▶ [Extracted data]:
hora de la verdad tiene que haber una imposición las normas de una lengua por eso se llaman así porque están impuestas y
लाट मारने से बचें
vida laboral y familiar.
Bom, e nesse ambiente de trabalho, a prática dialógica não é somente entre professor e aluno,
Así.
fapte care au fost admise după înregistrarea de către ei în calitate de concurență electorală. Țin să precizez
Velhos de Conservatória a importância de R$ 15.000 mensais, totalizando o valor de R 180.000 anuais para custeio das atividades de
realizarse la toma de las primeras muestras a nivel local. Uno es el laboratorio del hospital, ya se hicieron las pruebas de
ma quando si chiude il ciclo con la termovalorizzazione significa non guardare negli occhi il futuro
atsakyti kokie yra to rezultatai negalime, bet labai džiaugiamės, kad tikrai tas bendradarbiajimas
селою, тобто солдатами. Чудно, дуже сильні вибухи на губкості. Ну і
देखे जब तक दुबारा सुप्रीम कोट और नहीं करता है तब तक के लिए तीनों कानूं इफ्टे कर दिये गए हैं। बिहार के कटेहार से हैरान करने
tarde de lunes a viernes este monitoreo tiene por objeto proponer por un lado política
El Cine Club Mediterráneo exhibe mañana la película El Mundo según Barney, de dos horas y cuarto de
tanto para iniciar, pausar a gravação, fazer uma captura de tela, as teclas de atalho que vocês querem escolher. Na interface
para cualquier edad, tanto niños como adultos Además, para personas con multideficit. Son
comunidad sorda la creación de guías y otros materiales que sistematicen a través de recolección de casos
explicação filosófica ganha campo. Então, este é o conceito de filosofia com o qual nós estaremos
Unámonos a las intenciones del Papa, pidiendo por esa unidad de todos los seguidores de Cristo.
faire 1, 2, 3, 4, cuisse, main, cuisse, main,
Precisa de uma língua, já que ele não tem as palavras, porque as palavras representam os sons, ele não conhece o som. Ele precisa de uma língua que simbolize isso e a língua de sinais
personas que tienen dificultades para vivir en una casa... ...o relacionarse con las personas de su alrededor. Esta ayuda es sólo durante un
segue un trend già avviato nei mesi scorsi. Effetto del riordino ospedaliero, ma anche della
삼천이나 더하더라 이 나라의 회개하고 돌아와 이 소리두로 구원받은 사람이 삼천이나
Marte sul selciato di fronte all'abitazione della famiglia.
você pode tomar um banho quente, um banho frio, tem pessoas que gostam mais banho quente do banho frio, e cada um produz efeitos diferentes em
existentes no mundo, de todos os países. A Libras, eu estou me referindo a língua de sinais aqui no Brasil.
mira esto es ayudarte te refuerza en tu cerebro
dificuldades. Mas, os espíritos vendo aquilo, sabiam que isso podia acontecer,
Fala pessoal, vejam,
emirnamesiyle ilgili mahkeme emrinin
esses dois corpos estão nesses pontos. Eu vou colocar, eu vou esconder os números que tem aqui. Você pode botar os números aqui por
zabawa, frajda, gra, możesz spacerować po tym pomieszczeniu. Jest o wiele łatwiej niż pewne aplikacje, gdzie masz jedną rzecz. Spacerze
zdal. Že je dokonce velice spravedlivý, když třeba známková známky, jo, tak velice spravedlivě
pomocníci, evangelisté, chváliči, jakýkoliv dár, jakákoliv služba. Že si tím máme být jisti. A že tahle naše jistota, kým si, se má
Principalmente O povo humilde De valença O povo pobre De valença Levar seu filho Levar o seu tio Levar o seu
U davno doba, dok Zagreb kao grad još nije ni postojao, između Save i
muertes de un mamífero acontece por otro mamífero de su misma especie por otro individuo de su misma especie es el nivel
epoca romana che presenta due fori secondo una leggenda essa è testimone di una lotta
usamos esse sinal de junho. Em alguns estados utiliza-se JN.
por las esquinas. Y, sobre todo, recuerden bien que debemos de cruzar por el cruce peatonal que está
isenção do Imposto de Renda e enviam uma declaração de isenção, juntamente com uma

▶ [Task to carry out]: Prepare a faithful transcription of the material above, with nothing altered.

▶ [Result for this task]:
hora de la verdad tiene que haber una imposición las normas de una lengua por eso se llaman así porque están impuestas y
लाट मारने से बचें
vida laboral y familiar.
Bom, e nesse ambiente de trabalho, a prática dialógica não é somente entre professor e aluno,
Así.
fapte care au fost admise după înregistrarea de către ei în calitate de concurență electorală. Țin să precizez
Velhos de Conservatória a importância de R$ 15.000 mensais, totalizando o valor de R 180.000 anuais para custeio das atividades de
realizarse la toma de las primeras muestras a nivel local. Uno es el laboratorio del hospital, ya se hicieron las pruebas de
ma quando si chiude il ciclo con la termovalorizzazione significa non guardare negli occhi il futuro
atsakyti kokie yra to rezultatai negalime, bet labai džiaugiamės, kad tikrai tas bendradarbiajimas
селою, тобто солдатами. Чудно, дуже сильні вибухи на губкості. Ну і
देखे जब तक दुबारा सुप्रीम कोट और नहीं करता है तब तक के लिए तीनों कानूं इफ्टे कर दिये गए हैं। बिहार के कटेहार से हैरान करने
tarde de lunes a viernes este monitoreo tiene por objeto proponer por un lado política
El Cine Club Mediterráneo exhibe mañana la película El Mundo según Barney, de dos horas y cuarto de
tanto para iniciar, pausar a gravação, fazer uma captura de tela, as teclas de atalho que vocês querem escolher. Na interface
para cualquier edad, tanto niños como adultos Además, para personas con multideficit. Son
comunidad sorda la creación de guías y otros materiales que sistematicen a través de recolección de casos
explicação filosófica ganha campo. Então, este é o conceito de filosofia com o qual nós estaremos
Unámonos a las intenciones del Papa, pidiendo por esa unidad de todos los seguidores de Cristo.
faire 1, 2, 3, 4, cuisse, main, cuisse, main,
Precisa de uma língua, já que ele não tem as palavras, porque as palavras representam os sons, ele não conhece o som. Ele precisa de uma língua que simbolize isso e a língua de sinais
personas que tienen dificultades para vivir en una casa... ...o relacionarse con las personas de su alrededor. Esta ayuda es sólo durante un
segue un trend già avviato nei mesi scorsi. Effetto del riordino ospedaliero, ma anche della
삼천이나 더하더라 이 나라의 회개하고 돌아와 이 소리두로 구원받은 사람이 삼천이나
Marte sul selciato di fronte all'abitazione della famiglia.
você pode tomar um banho quente, um banho frio, tem pessoas que gostam mais banho quente do banho frio, e cada um produz efeitos diferentes em
existentes no mundo, de todos os países. A Libras, eu estou me referindo a língua de sinais aqui no Brasil.
mira esto es ayudarte te refuerza en tu cerebro
dificuldades. Mas, os espíritos vendo aquilo, sabiam que isso podia acontecer,
Fala pessoal, vejam,
emirnamesiyle ilgili mahkeme emrinin
esses dois corpos estão nesses pontos. Eu vou colocar, eu vou esconder os números que tem aqui. Você pode botar os números aqui por
zabawa, frajda, gra, możesz spacerować po tym pomieszczeniu. Jest o wiele łatwiej niż pewne aplikacje, gdzie masz jedną rzecz. Spacerze
zdal. Že je dokonce velice spravedlivý, když třeba známková známky, jo, tak velice spravedlivě
pomocníci, evangelisté, chváliči, jakýkoliv dár, jakákoliv služba. Že si tím máme být jisti. A že tahle naše jistota, kým si, se má
Principalmente O povo humilde De valença O povo pobre De valença Levar seu filho Levar o seu tio Levar o seu
U davno doba, dok Zagreb kao grad još nije ni postojao, između Save i
muertes de un mamífero acontece por otro mamífero de su misma especie por otro individuo de su misma especie es el nivel
epoca romana che presenta due fori secondo una leggenda essa è testimone di una lotta
usamos esse sinal de junho. Em alguns estados utiliza-se JN.
por las esquinas. Y, sobre todo, recuerden bien que debemos de cruzar por el cruce peatonal que está
isenção do Imposto de Renda e enviam uma declaração de isenção, juntamente com uma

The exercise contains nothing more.